What you have to do >> From the line with "Label: aircraft_carrier" to the line with "An aerial image. It shows: Primary", retype every line exactly, including those two, and leave out the rest of the data below.

-.-.-

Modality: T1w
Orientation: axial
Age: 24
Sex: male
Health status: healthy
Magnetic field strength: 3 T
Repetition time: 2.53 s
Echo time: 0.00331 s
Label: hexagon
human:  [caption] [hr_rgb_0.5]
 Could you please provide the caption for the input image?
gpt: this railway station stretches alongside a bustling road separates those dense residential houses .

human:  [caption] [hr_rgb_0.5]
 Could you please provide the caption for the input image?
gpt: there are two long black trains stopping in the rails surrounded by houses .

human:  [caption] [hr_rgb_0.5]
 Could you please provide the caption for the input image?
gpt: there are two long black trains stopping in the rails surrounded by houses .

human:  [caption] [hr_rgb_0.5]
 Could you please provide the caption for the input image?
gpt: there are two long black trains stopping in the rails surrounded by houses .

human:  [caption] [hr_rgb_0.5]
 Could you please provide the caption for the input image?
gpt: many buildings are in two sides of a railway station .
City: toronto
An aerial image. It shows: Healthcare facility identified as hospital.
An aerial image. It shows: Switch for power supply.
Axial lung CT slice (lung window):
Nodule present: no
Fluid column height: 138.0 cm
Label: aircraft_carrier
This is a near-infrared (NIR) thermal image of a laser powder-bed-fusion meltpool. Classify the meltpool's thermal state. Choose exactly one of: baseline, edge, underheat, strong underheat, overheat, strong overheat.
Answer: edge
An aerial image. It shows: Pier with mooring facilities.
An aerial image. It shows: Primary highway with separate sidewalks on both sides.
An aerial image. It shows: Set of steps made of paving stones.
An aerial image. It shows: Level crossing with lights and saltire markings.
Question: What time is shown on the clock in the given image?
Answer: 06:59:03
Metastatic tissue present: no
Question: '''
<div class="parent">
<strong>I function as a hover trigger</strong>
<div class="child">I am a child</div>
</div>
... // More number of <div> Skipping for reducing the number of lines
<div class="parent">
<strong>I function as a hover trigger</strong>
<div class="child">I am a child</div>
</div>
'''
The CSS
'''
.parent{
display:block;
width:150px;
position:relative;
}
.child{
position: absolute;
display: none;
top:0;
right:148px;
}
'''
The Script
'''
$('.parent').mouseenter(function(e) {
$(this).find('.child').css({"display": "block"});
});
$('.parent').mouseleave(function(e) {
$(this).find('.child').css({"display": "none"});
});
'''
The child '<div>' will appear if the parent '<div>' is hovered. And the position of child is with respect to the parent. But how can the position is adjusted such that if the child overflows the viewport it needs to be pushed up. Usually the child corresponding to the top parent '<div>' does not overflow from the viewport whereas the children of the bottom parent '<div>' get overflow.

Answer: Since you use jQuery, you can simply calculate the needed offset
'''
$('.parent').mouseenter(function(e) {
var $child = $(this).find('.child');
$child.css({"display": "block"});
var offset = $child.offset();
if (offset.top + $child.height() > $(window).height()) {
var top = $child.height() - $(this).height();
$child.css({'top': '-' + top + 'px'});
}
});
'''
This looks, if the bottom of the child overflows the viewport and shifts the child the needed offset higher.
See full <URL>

-.-.-

Written response >>
Label: aircraft_carrier
This is a near-infrared (NIR) thermal image of a laser powder-bed-fusion meltpool. Classify the meltpool's thermal state. Choose exactly one of: baseline, edge, underheat, strong underheat, overheat, strong overheat.
Answer: edge
An aerial image. It shows: Pier with mooring facilities.
An aerial image. It shows: Primary highway with separate sidewalks on both sides.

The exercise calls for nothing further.